Further, the driving mechanism comprises a motion conversion assembly and a transmission assembly, the motion conversion assembly comprises an axial pressing piece, a driving worm, a first spiral internal spline and a first gear, the axial pressing piece and the first gear are coaxial and connected through a circumferential rotation pair, the first spiral internal spline is meshed with the driving worm and arranged on the base, and the first gear and the driving worm are coaxially fixed;

the free end of the tensioning piece is meshed with the driving worm;

the transmission assembly is used for transmitting the rotation of the first gear to the rack.

Further, the transmission assembly comprises a middle shaft and a second gear, teeth meshed with the first gear are arranged on the middle shaft, the second gear is coaxially fixed with the middle shaft, and the second gear is meshed with the rack.

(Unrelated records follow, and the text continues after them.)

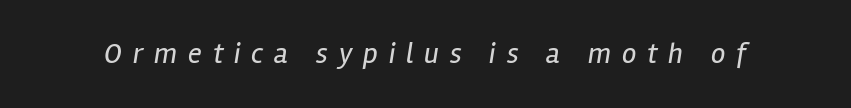
Q: Is the text bold? A: No.
Q: Is the text italic (slanted)? A: Yes, it leans right by about 12 degrees.
Q: Is the text underlined? A: No.
Q: Is the spacing between letters normal or unusually wide? A: Unusually wide.
Q: Width (condensed, normal, or wide)? A: Condensed.
Q: Stroke contrast? A: Low.
Q: x-height? A: Medium.
Q: Monospaced? A: No.
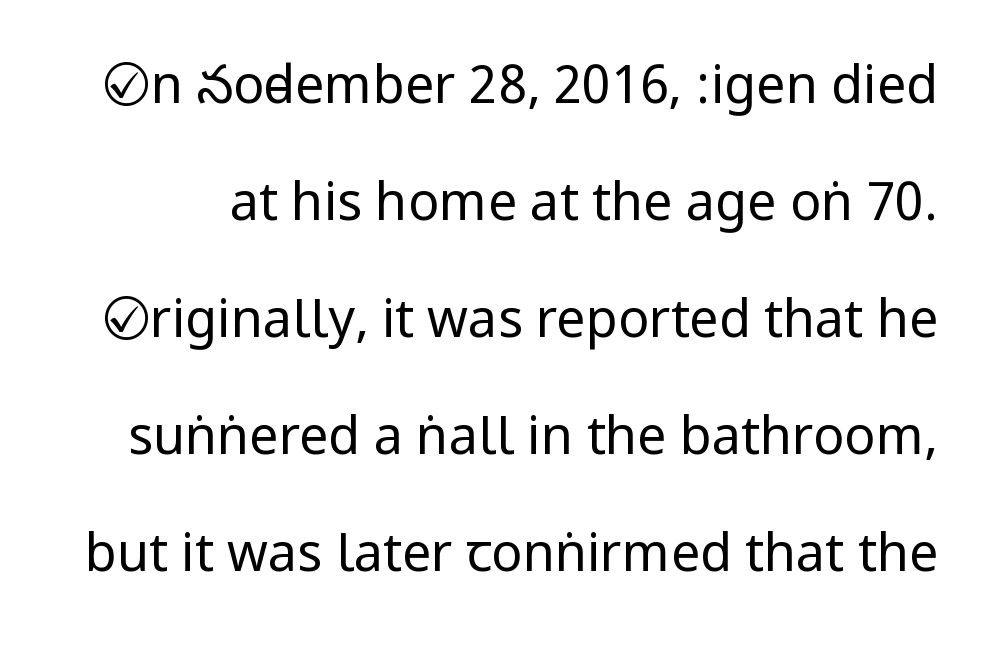
{"serif": "no", "italic": "no", "bold": "no", "weight": "regular", "width": "condensed", "stroke_contrast": "low", "underline": "no", "line_spacing": "loose", "line_spacing_ratio": 2.25, "letter_spacing": "normal", "letter_spacing_em": 0.0, "glyph_px": 52}
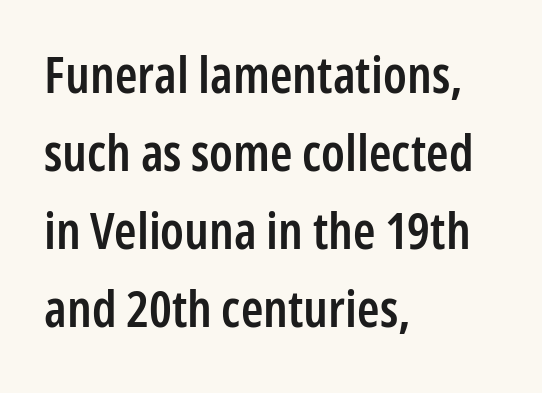
The image shows 51 px semibold, condensed sans-serif type, upright; set left-aligned, normal line spacing (1.53x), normal letter spacing, not underlined; low stroke contrast and a medium x-height.
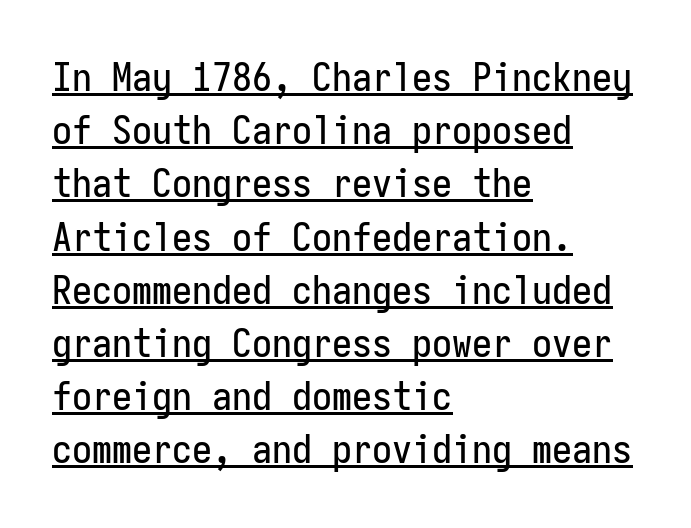
Q: Is the text italic (slanted)? A: No, it is upright.
Q: Is the typeface a serif or a sans-serif typeface? A: Sans-serif.
Q: Is the text underlined? A: Yes.
Q: How is the paragraph aligned? A: Left-aligned.
Q: Is the spacing between letters normal or unusually wide? A: Normal.
Q: Is the spacing between lines tight, normal or loose? A: Normal.
Q: Width (condensed, normal, or wide)? A: Condensed.
Q: Stroke contrast? A: Low.
Q: x-height? A: Medium.
Q: Monospaced? A: Yes.

Further, two second gears are arranged, and the two second gears are meshed with each other;

the racks are two, and the inner sides of the two racks are respectively meshed with the two second gears.

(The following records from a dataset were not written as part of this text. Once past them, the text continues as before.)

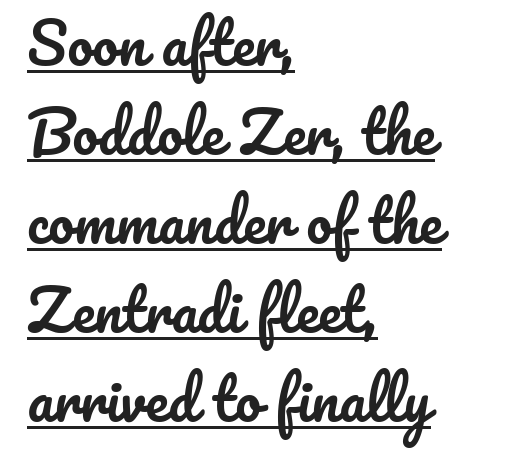
{"width": "normal", "stroke_contrast": "low", "x_height": "small", "monospaced": "no", "underline": "yes", "align": "left", "line_spacing": "normal", "line_spacing_ratio": 1.56, "letter_spacing": "normal", "letter_spacing_em": 0.0, "glyph_px": 57}
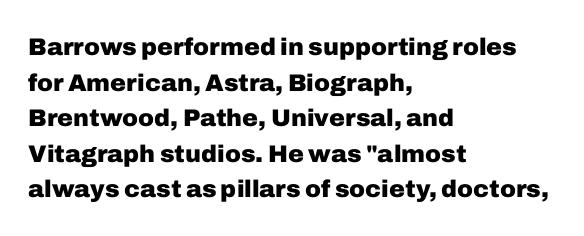
{"italic": "no", "bold": "yes", "underline": "no", "align": "left", "line_spacing": "normal", "line_spacing_ratio": 1.48, "letter_spacing": "normal", "letter_spacing_em": 0.0, "glyph_px": 24}
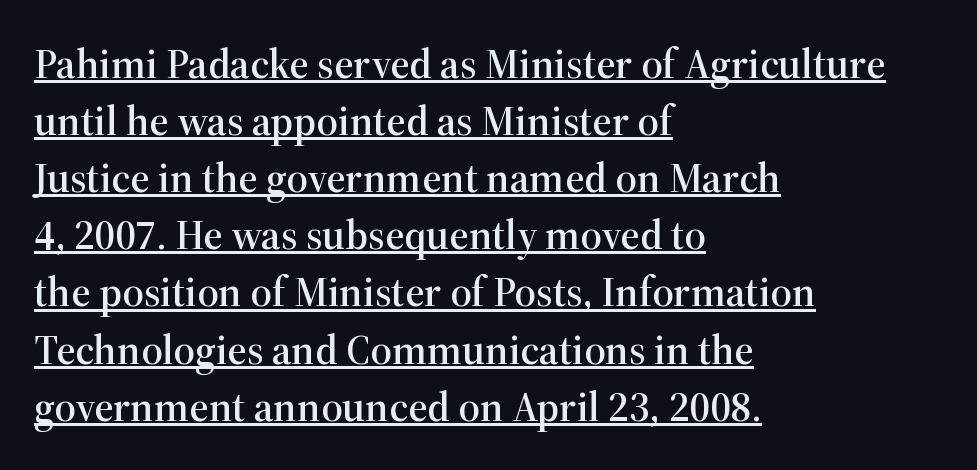
The image shows 42 px serif type, upright; set left-aligned, normal line spacing (1.36x), normal letter spacing, underlined; high stroke contrast and a medium x-height.

Further, a first elastic piece is arranged at the matched end of the driving worm and the base, and the first elastic piece is used for returning the driving worm;

and/or the number of the groups of groups,

the axial pressure applying part is provided with a guide limiting part, the guide limiting part is used for guiding the axial pressure applying part in the axial direction, and the guide limiting part is also used for limiting the rotation displacement of the axial pressure applying part.

Further, a first limiting structure is arranged on the base and used for limiting the limit distance of the driving worm extending into the first spiral internal spline in the axial direction.

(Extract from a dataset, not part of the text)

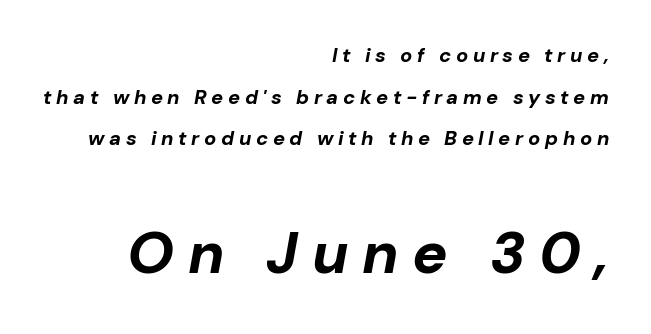
{"italic": "yes", "lean": "right", "slant_degrees": 10, "bold": "yes", "weight": "bold", "width": "normal", "stroke_contrast": "low", "x_height": "medium", "monospaced": "no", "underline": "no", "align": "right", "line_spacing": "loose", "line_spacing_ratio": 2.08, "letter_spacing": "wide", "letter_spacing_em": 0.23, "larger_block": "second", "size_ratio": 2.95, "glyph_px": 59}

Further, the first limiting structure is a stepped hole, the tail ends of the driving worm and the first spiral internal spline fit end are stepped shafts, the first elastic piece is a spring, and the spring is sleeved on the stepped shafts.

Further, the number of the driving worms is two, and the driving worms comprise a first driving worm and a second driving worm;

one end of the first driving worm is meshed with the first spiral internal spline, an axial hole is formed in the tail end of the other end of the first driving worm, and a second spiral internal spline is arranged in the axial hole;

one end of the second driving worm is meshed with the second spiral internal spline, and the other end of the second driving worm is coaxially fixed with the first gear;

the second driving worm is provided with a second elastic piece, and the second elastic piece is used for returning the second driving worm.

Further, the pitch circle diameter of the first gear is larger than the pitch circle diameter of the second driving worm, and the pitch circle diameter of the first driving worm is larger than the pitch circle diameter of the second driving worm;

the second elastic piece is a spring and is sleeved on the second driving worm.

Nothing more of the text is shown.